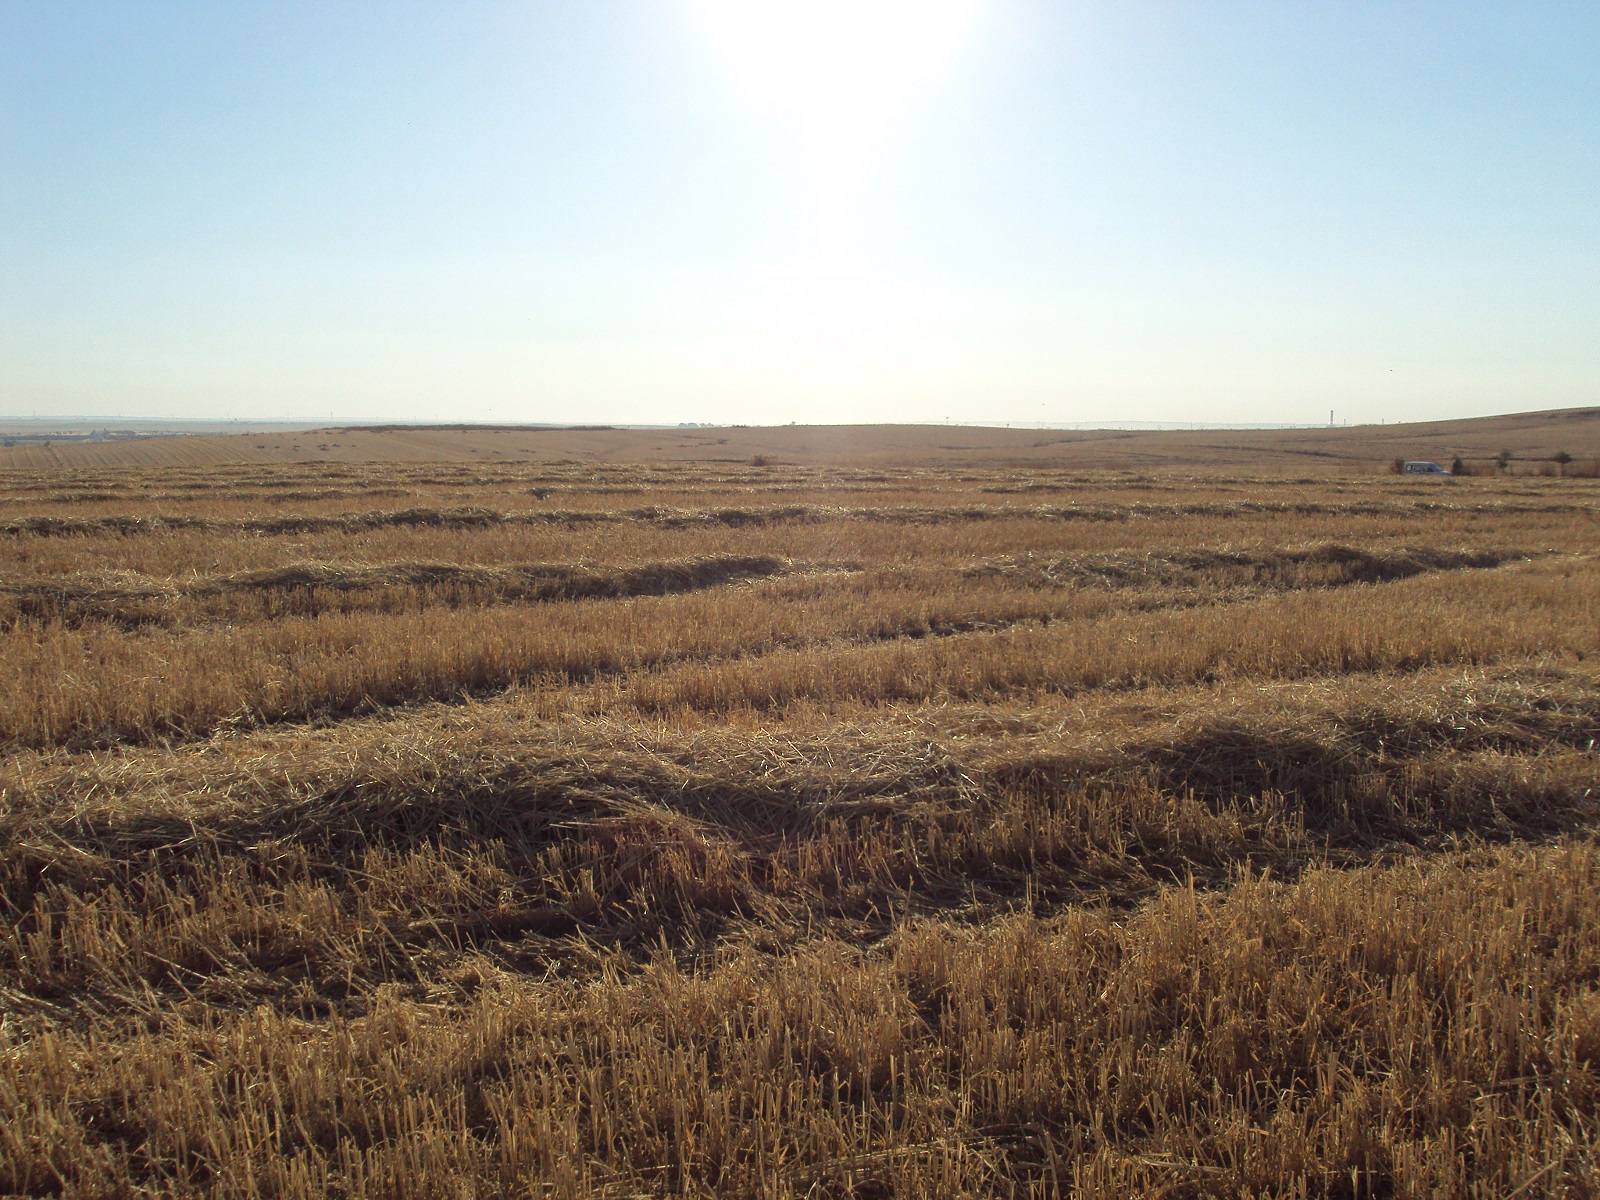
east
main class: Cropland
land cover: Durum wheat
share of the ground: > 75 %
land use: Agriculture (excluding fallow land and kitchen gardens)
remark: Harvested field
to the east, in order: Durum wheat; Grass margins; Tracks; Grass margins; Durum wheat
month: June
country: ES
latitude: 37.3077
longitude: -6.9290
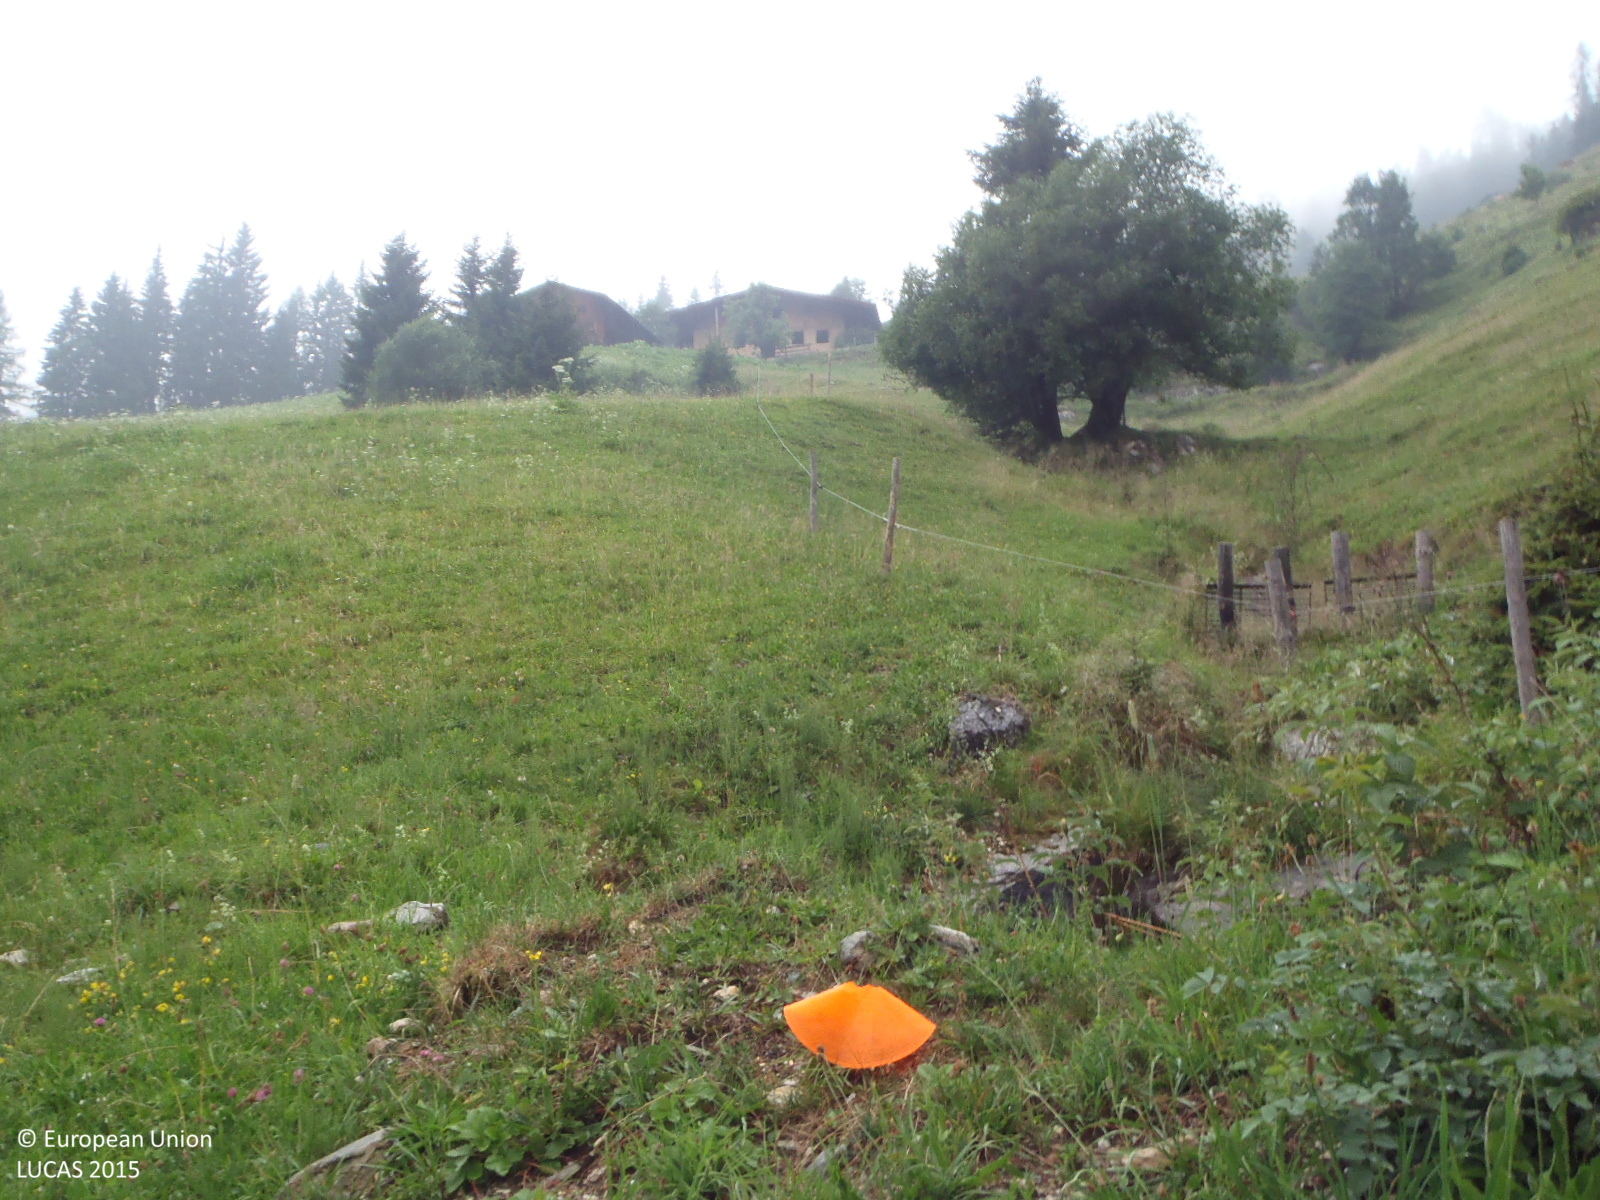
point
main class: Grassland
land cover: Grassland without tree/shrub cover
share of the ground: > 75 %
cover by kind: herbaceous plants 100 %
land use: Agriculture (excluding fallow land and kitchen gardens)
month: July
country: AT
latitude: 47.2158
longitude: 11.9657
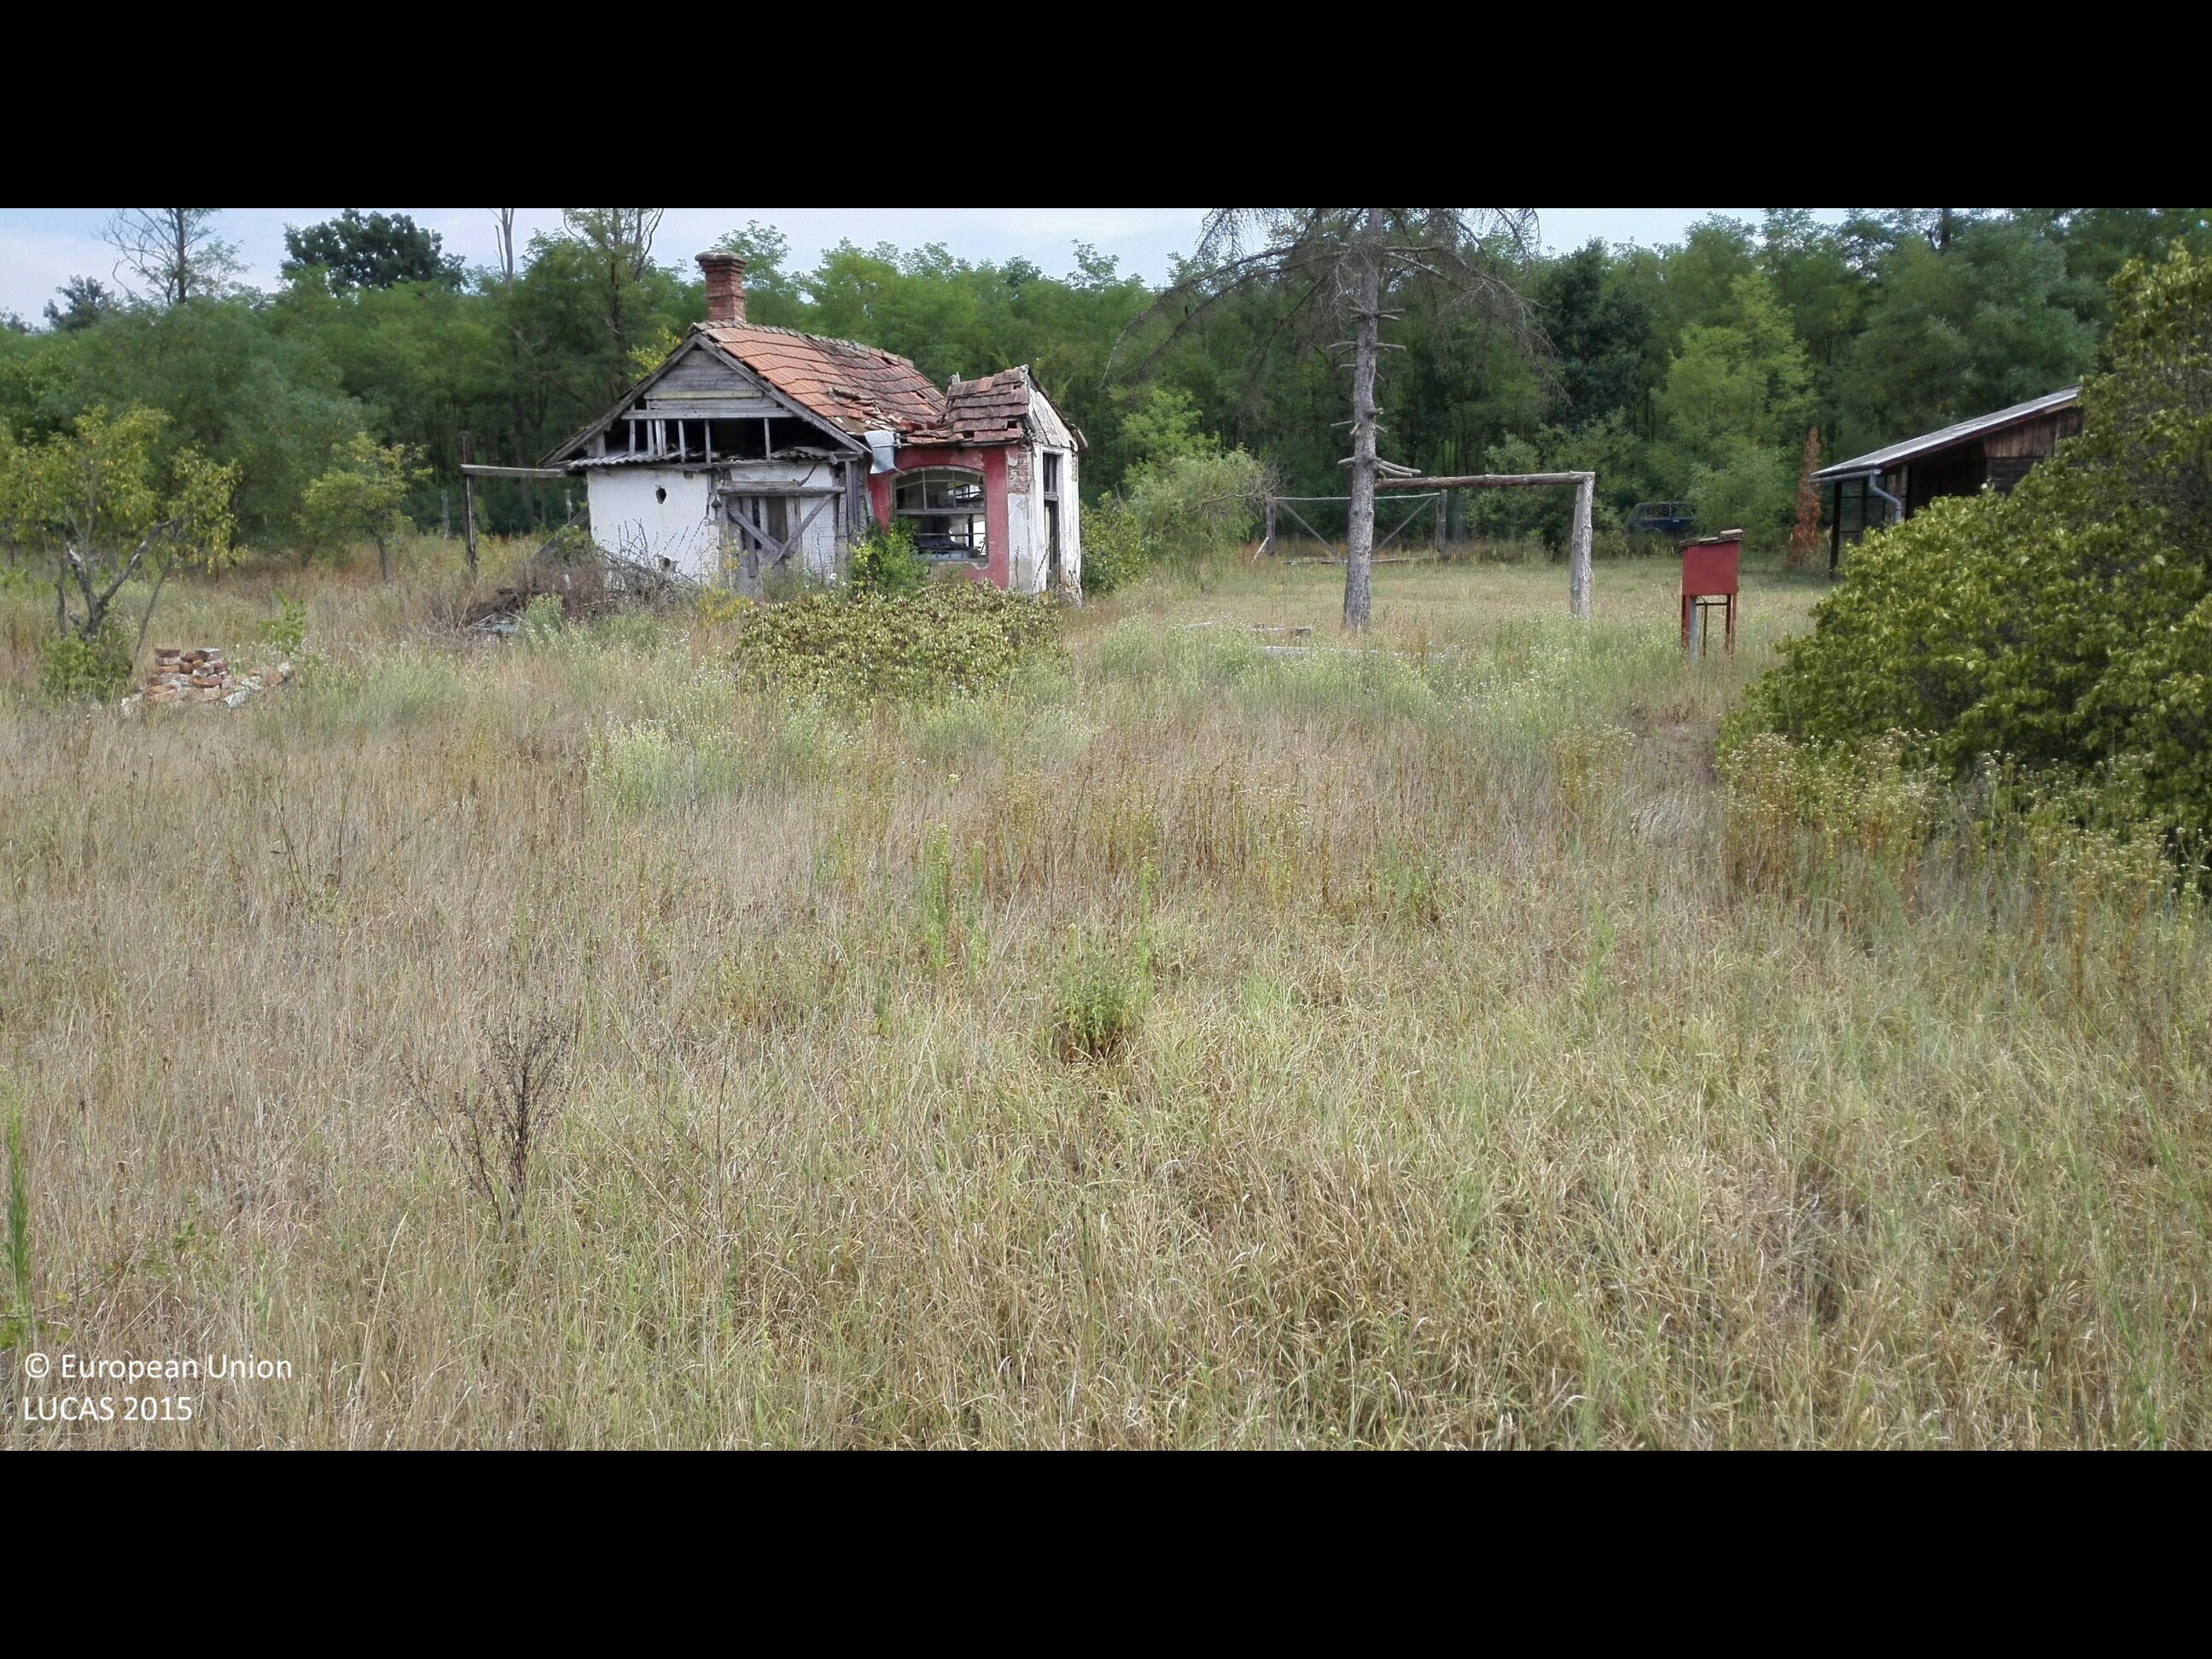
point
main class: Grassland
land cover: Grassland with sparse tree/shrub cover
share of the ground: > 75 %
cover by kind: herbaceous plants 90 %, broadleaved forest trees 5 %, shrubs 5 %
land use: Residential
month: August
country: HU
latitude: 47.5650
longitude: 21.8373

====================

Starting at the line that contains "cover by kind: herbaceous plants 100 %", transcribe every line through the end of the listing exactly, including both end lines and excluding pictures.

Written reply:
cover by kind: herbaceous plants 100 %
land use: Agriculture (excluding fallow land and kitchen gardens)
month: July
country: AT
latitude: 47.2158
longitude: 11.9657
point
main class: Grassland
land cover: Grassland with sparse tree/shrub cover
share of the ground: > 75 %
cover by kind: herbaceous plants 90 %, broadleaved forest trees 5 %, shrubs 5 %
land use: Residential
month: August
country: HU
latitude: 47.5650
longitude: 21.8373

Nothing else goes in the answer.